古稀を過ぎた老人が、これまでに綴った拙い文章の数々です。お読み捨てください。

抜歯

 自宅近くのデンタルクリニックで左下奥歯を抜いた。血液サラサラの薬を飲んでいるので、医師は極めて慎重である。「今日の気分はどうですか。血圧は高くありませんか?」「気分は普通です。血圧は120程度です」「では左下の奥の歯を抜きましょう」。抜かなければ、今後も虫歯が悪化してさらに症状が重くなるということである。その後の処置はインプラントにするか、入れ歯にするか。インプラントは保険が効かないので高額になるが、今まで通り「違和感なく」噛めるようになる。入れ歯は安いが、手入れも必要だし「噛み具合」もインプラントほどではない、まだ処置まで時間がかかるので検討しておくように、という説明を受けた。
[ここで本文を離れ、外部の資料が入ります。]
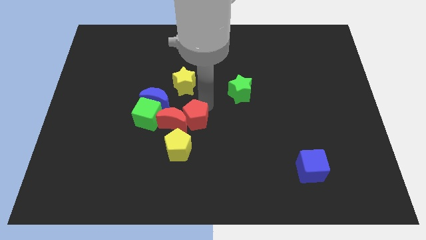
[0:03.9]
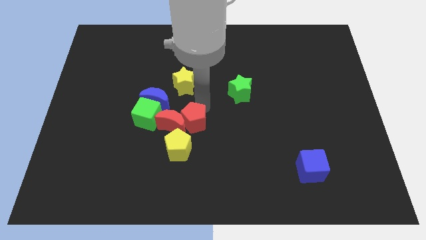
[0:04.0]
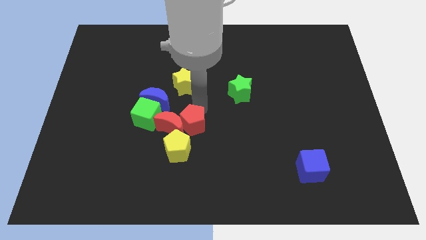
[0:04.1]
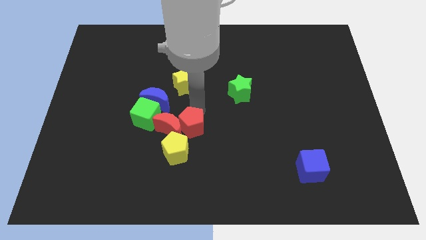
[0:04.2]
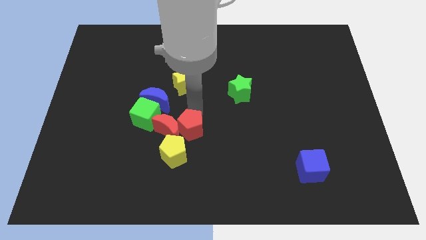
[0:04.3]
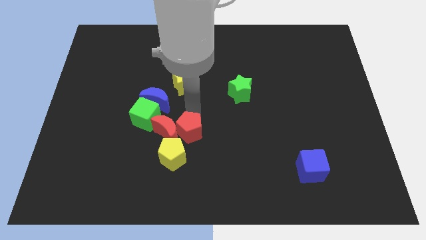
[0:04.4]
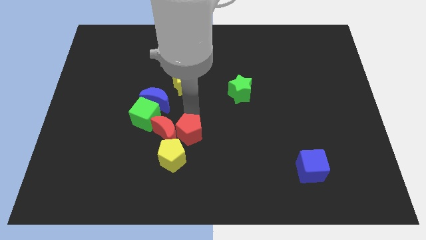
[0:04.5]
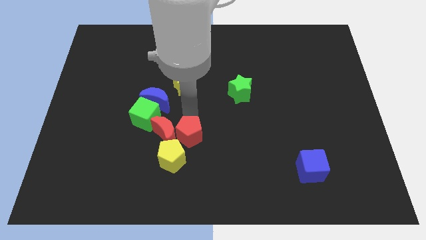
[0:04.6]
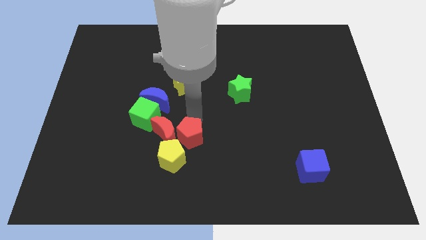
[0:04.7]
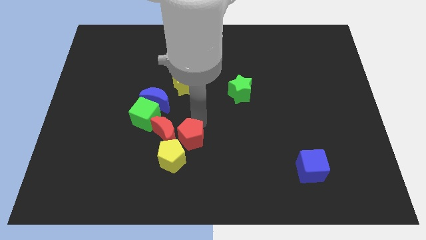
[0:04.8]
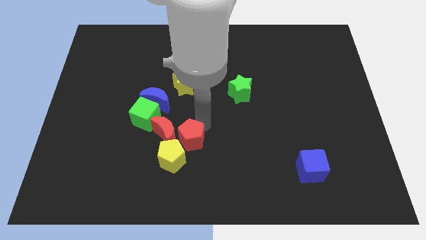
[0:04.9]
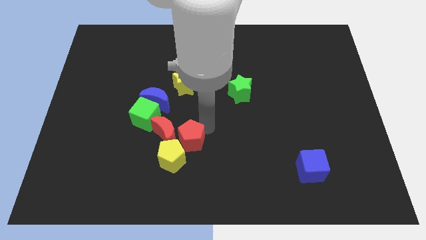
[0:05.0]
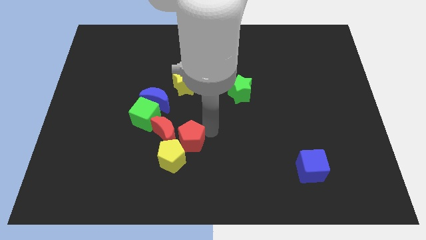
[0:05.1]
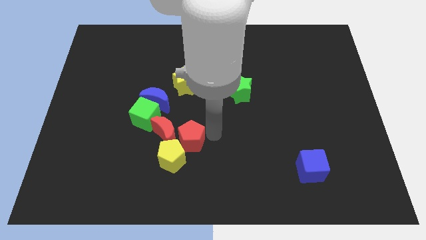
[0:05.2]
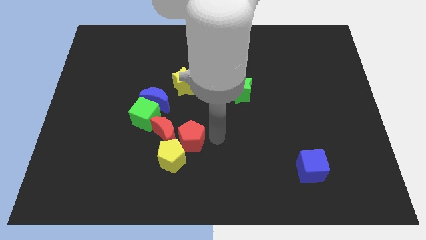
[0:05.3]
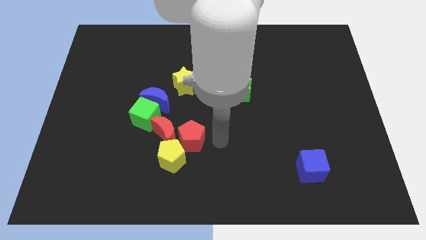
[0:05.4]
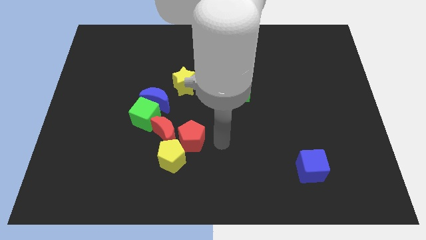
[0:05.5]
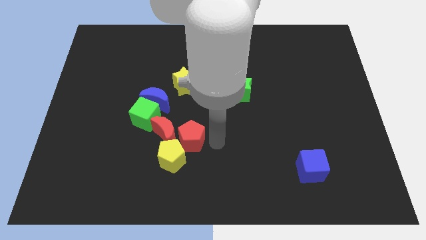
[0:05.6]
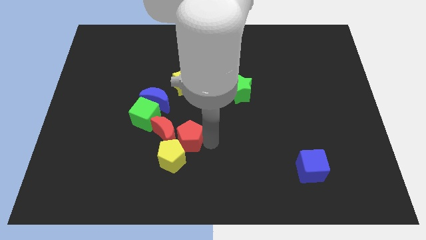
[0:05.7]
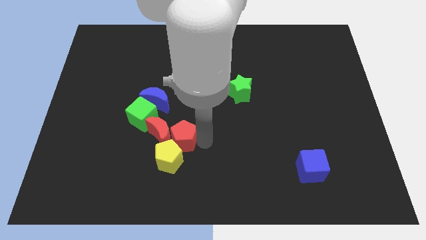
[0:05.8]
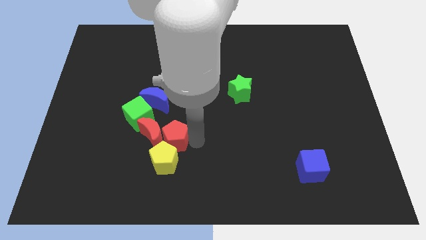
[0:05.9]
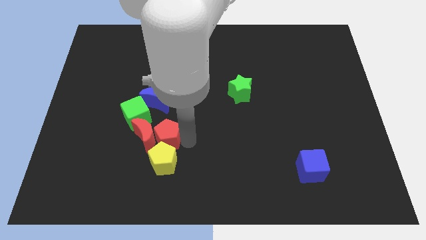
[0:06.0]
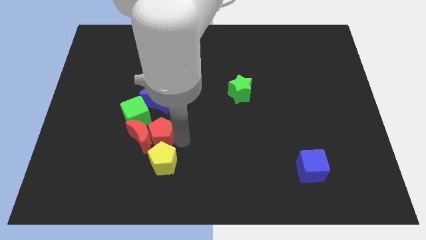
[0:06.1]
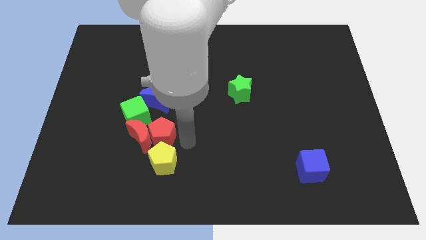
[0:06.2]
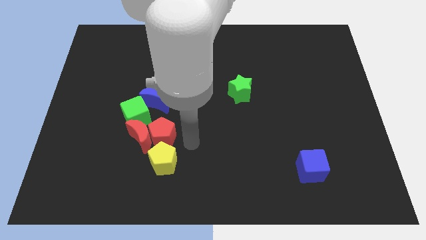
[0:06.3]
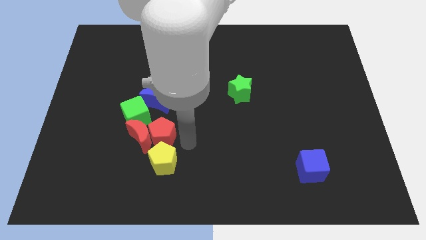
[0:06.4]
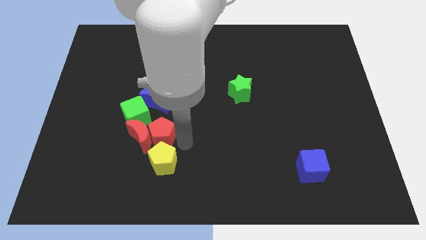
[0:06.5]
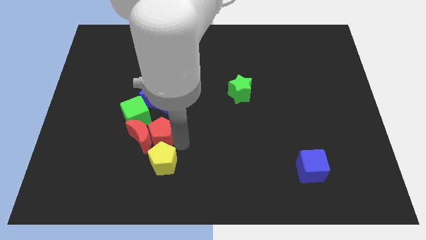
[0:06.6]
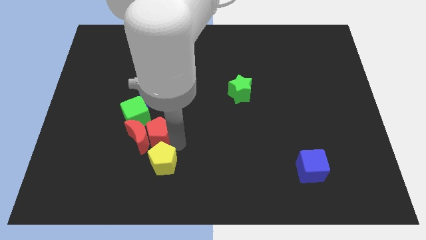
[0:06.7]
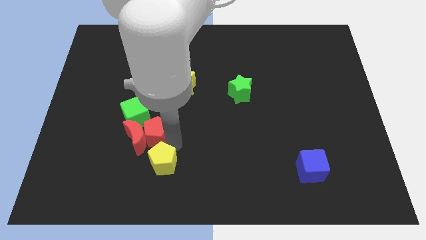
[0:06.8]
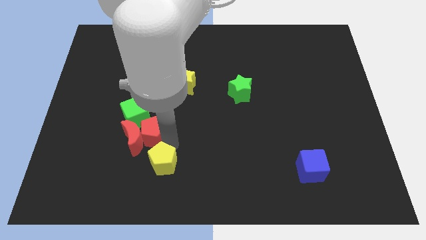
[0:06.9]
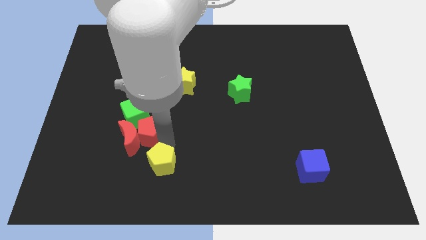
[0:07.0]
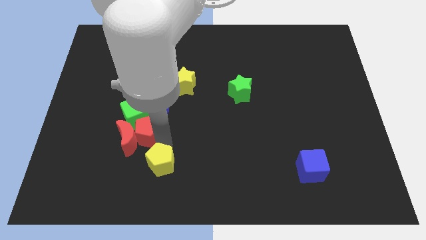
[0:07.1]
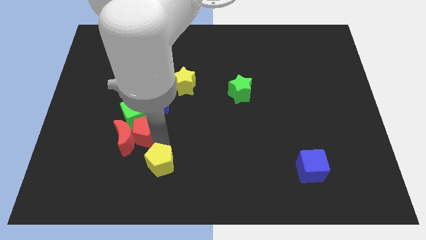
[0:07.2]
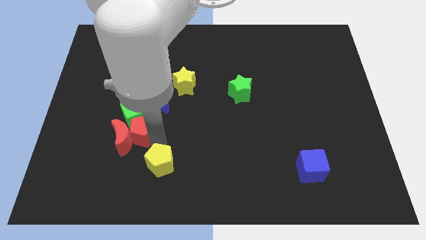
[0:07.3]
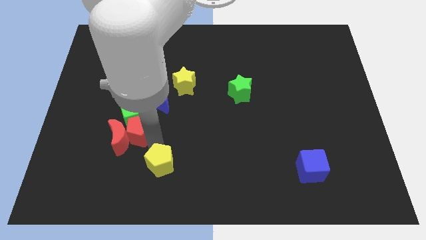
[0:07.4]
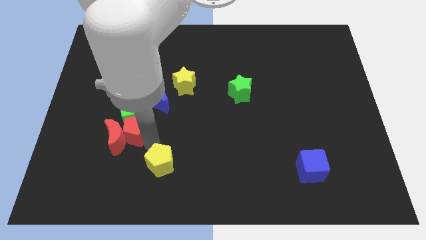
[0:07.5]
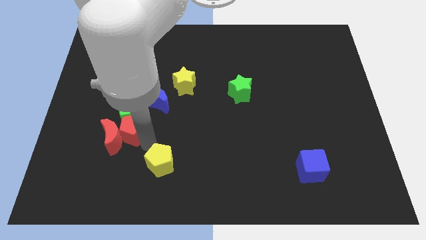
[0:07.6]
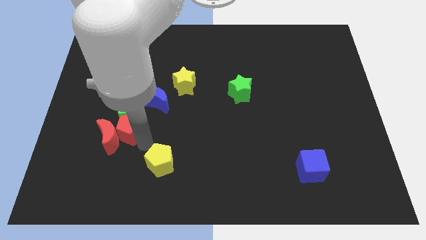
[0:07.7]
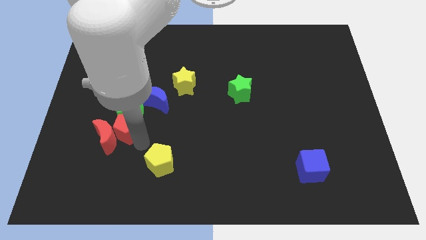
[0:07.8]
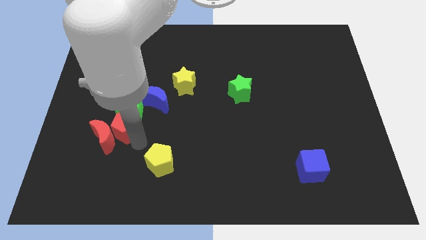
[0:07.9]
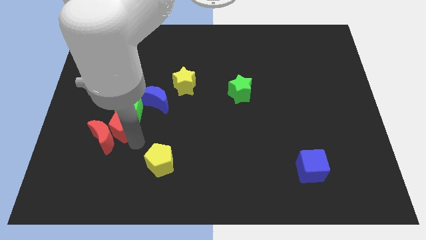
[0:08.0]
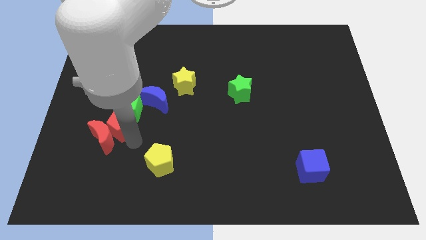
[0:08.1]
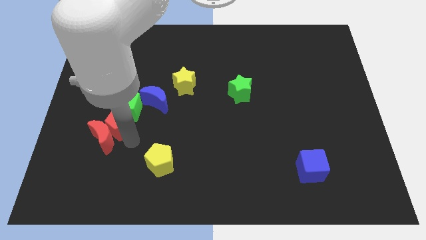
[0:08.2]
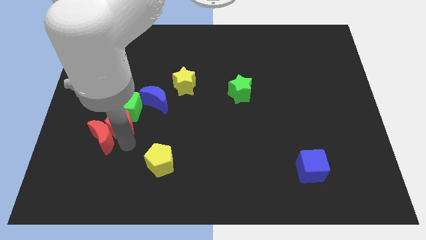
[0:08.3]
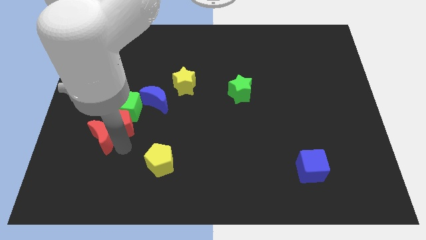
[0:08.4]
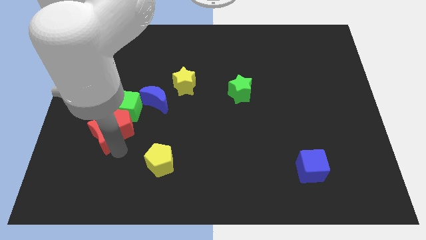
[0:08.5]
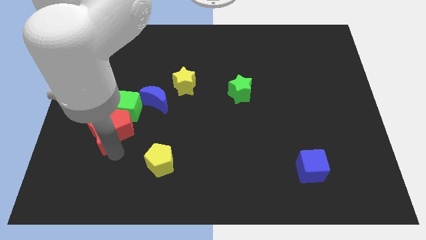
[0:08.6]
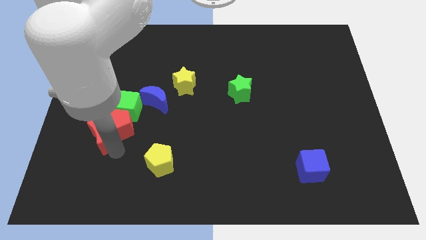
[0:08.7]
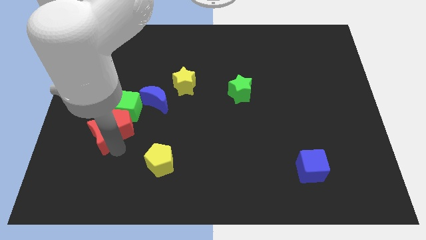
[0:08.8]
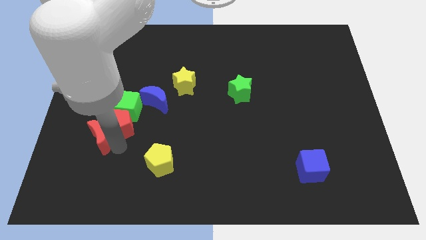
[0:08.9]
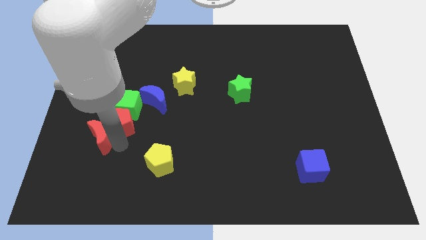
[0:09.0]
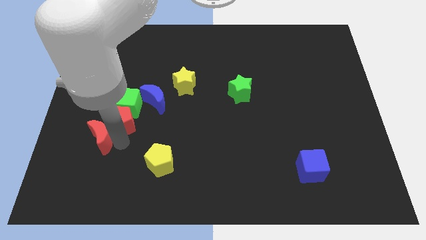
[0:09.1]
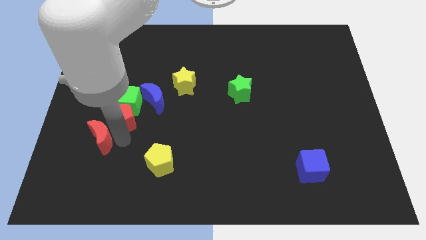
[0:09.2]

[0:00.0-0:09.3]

 抜歯(外科処置)は、麻酔注射の後、15分ほどで終了したが、「相当に」痛かった。「痛いときには左手を挙げてください」と言われたので、2回ほど手を挙げた。でも「我慢できないほど」ではなかったので、もう手を挙げるのは止めた。歯が無事抜けた時、その跡を縫合している時も「相当に」痛かった。「お疲れさまでした。終わりです。口をゆすいでください」と言われるところだが、今回は違っていた。「終わりました。口はゆすがないでください」と言って、抜いた歯を見せてくれる。なるほど「根っこ」は残っているが、「上の部分」はほとんどなく、側面は蝕まれていた。「血液サラサラの薬を飲んでいるので、血が止まらないようでしたら、ガーゼを10分程度噛み続けてください。激しい運動は控えて、長風呂や、飲酒喫煙は避けてください。痛み止めを出しますので、麻酔が切れる前に飲んでください。歯みがきはブラシだけでやってください。うがいはしないように」など、いつになくきめ細かな説明があった。そして「明日も消毒に来てください」ということで診療は終わった。
 帰宅後、まもなく出血は止まり、痛みが増すことはなかったので、「ひとまず安堵」という状態である。抗生物質を服用する必要がある明日一日まで自重しよう。